HPC is one of the most important and fundamental infrastructures for scientific development in all disciplines, and has progressed enormously due to the increasing need to solve complex problems. HPC is planned to reach Exascale computing capability of at least one exaFLOPS by 2020. Compared to the first petascale computer to come into operation in 2008, this capacity represents a thousand-fold increase.
Big data is the term used to refer to data sets so large and complex that traditional data processing applications are inadequate to handle them. Gathering, capture, data cleaning and curation, search, sharing, storage, transfer, analysis, visualization, and information privacy are its main challenges. Recent years have witnessed a flood of network data driven by sensors, the IoT, emerging online social media, cameras, M2M communications, mobile sensing, user-generated video content, and global-scale communications, all of which have brought people into the era of big data. The processing of Big Data requires vast amounts of storage and computing resources. This makes it an exciting time to join the practitioners in HPC systems and Big Data.
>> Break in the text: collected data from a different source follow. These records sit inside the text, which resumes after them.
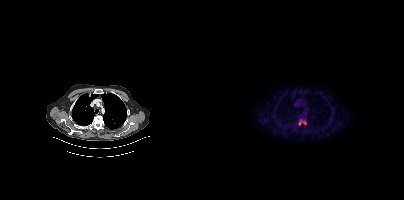
modality: PSMA PET/CT | tracer: 18F | view: axial
Coordinates are on the 200×200 PET (right) panel. PSMA-avid tumor lesion bounding box (x, y, width, height): x=95 y=119 w=8 h=7.
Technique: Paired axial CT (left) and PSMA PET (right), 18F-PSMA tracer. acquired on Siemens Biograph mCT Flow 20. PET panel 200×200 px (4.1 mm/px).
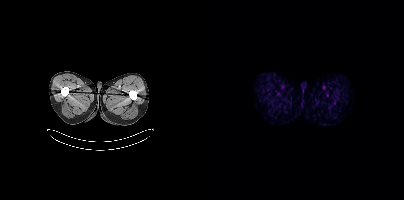
Findings: Negative for PSMA-avid disease on this slice.
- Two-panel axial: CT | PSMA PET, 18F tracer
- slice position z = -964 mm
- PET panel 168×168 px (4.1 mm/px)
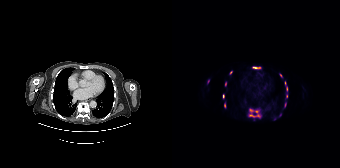
Findings: Coordinates are on the 168×168 PET (right) panel. (showing 11 of 12 foci) PSMA-avid tumor lesion bounding boxes (x0, y0)-(x1, y1): (77, 114)-(88, 117) / (80, 67)-(88, 68) / (51, 94)-(52, 98). Small PSMA-avid foci (2 to 4 px across) near (center x, center y): (79, 110) / (59, 72) / (52, 105) / (84, 111) / (53, 84) / (114, 88) / (108, 75) / (114, 96).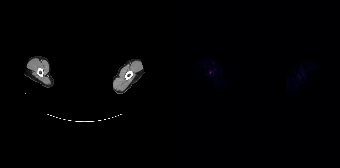
Privacy masking over the head, with the pixels inside a rectangle set to black.
No PSMA-avid tumor lesions on this slice.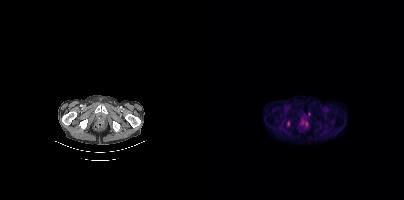
Coordinates are on the 200×200 PET (right) panel. (showing 1 of 2 foci) PSMA-avid tumor lesion bounding box (x0, y0)-(x1, y1): (83, 121)-(85, 126).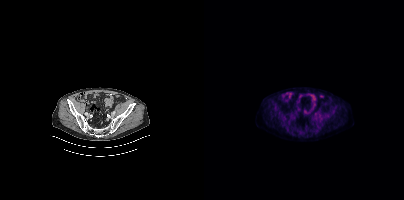
No PSMA-avid tumor lesions on this slice.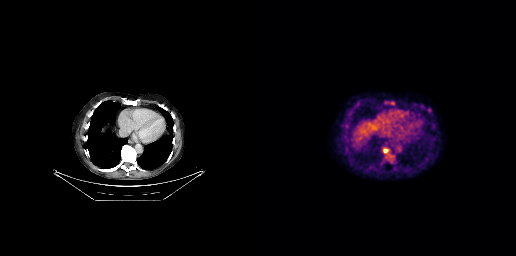
{"modality":"PSMA PET/CT","view":"axial","tracer":"18F-PSMA","pet_grid":[256,256],"coord_frame":"pet_panel","coord_format":"x0,y0,x1,y1","lesion_bboxes":[],"small_foci_centers":[[125,150],[125,158]]}
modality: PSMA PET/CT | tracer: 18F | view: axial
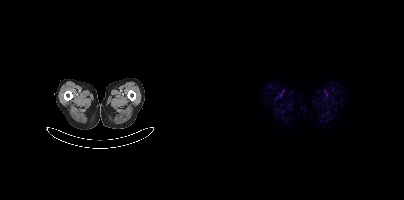
No PSMA-avid tumor lesions on this slice.
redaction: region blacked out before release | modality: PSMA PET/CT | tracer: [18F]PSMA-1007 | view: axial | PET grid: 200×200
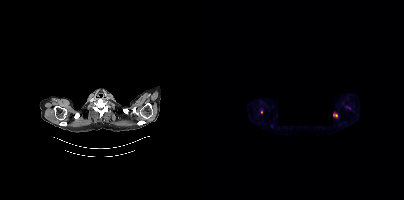
Coordinates are on the 200×200 PET (right) panel. PSMA-avid tumor lesion bounding boxes (x0,y0,x1,y1): [56,109,59,113]; [129,114,133,116].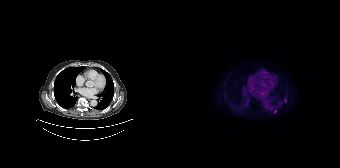
{"pet_grid":[168,168],"coord_frame":"pet_panel","coord_format":"x0,y0,x1,y1","psma_avid_lesions":false,"modality":"PSMA PET/CT","view":"axial","tracer":"18F"}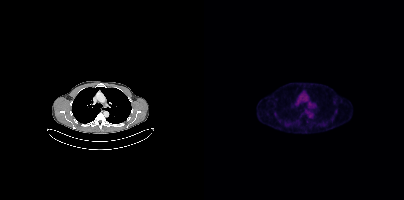
Left: CT. Right: PSMA PET, same axial level, [18F]PSMA-1007 tracer. Slice 295 of 417. Negative for PSMA-avid disease on this slice.
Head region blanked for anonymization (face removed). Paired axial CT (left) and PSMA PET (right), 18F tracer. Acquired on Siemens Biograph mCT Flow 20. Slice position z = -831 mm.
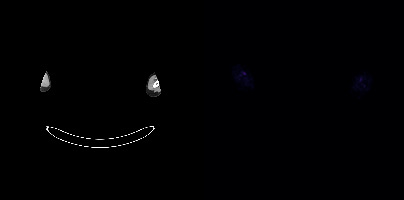
No tumor lesions annotated on this slice.
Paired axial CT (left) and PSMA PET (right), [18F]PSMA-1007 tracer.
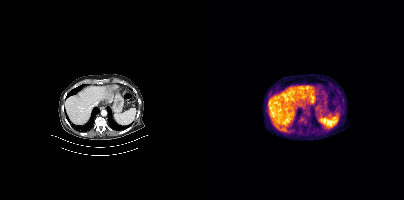
This slice has no annotated PSMA-avid lesion.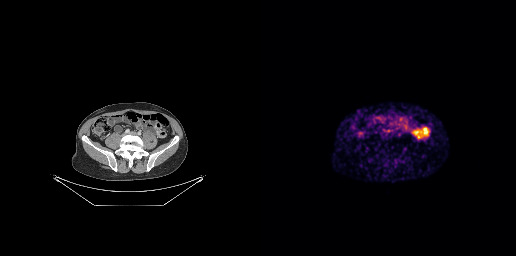
Findings: Negative for PSMA-avid disease on this slice.
Technique: Left: CT. Right: PSMA PET, same axial level, 68Ga tracer. PET panel 256×256 px (2.7 mm/px).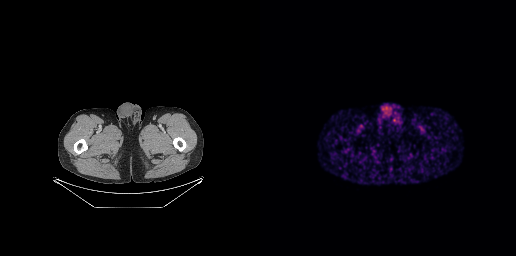
Left: CT. Right: PSMA PET, same axial level, 68Ga-PSMA tracer. Acquired on GE Discovery 690. Slice 28 of 263. PET panel 256×256 px (2.7 mm/px). No tumor lesions annotated on this slice.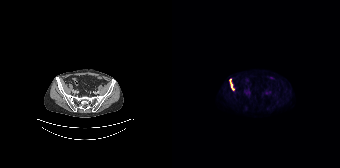
Coordinates are on the 168×168 PET (right) panel. PSMA-avid tumor lesion bounding boxes:
| # | x0 | y0 | x1 | y1 |
|---|---|---|---|---|
| 1 | 57 | 79 | 62 | 90 |
Paired axial CT (left) and PSMA PET (right), [18F]PSMA-1007 tracer. Acquired on Siemens Biograph 64-4R TruePoint. Slice 46 of 165.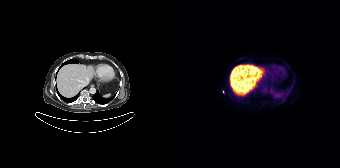
Findings: This slice has no annotated PSMA-avid lesion.
- Left: CT. Right: PSMA PET, same axial level, 18F-PSMA tracer
- PET panel 168×168 px (4.1 mm/px)
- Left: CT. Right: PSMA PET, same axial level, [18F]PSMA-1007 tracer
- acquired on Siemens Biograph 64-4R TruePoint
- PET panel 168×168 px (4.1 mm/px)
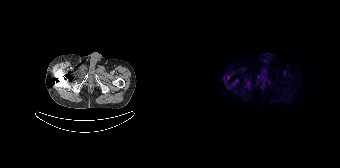
Findings: Negative for PSMA-avid disease on this slice.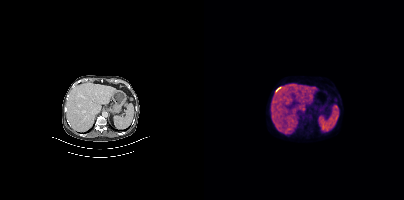
modality: PSMA PET/CT | tracer: [18F]PSMA-1007 | view: axial
This slice has no annotated PSMA-avid lesion.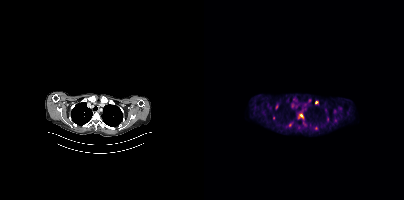
Coordinates are on the 200×200 PET (right) panel. (showing 5 of 7 foci) PSMA-avid tumor lesion bounding box (x0,y0,x1,y1): [94,114,99,118]. Small PSMA-avid foci (2 to 4 px across) near (center x, center y): (112, 102), (112, 128), (72, 107), (69, 117). Two-panel axial: CT | PSMA PET, [18F]PSMA-1007 tracer.
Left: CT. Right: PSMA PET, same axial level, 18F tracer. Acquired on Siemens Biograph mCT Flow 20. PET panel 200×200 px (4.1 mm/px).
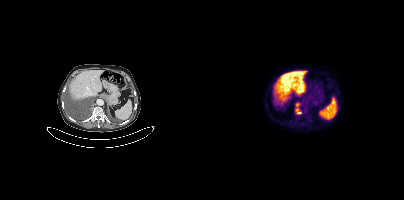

HPC facilitates the processing of big data, but the tremendous research challenges of recent years have included the scalability of computing performance for high velocity, high variety and high volume big data; Deep learning with massive-scale datasets; Big data programming paradigms on multi-core; GPUhybrid distributed environments; and unstructured data processing with high-performance computing. The tools and cultures of high-performance computing and big-data analytics have diverged to the detriment of both, and it is clear that they need to come together to effectively address a range of major research areas.
The question now is: what is the biggest technical challenge associated with advancing HPC beyond the exascale operations capability for numeric and big data applications? There are many challenges ahead, including system power consumption and environmentally friendly cooling, massive parallelism and component failures, data and transaction consistency, metadata and ontology management, precision and recall at scale, and multidisciplinary data fusion and preservation, and all these challenges must ultimately be solved to achieve a computing platform which will be useable by and accessible to researchers from a wide range of disciplines who may not be computer experts themselves.
In accordance with the importance of this field, the TopHPC2017 congress on Advances in High-Performance Computing and Big Data Analytics in the Exascale Era was held in Tehran, Iran, and selected papers from the congress are gathered together in this book.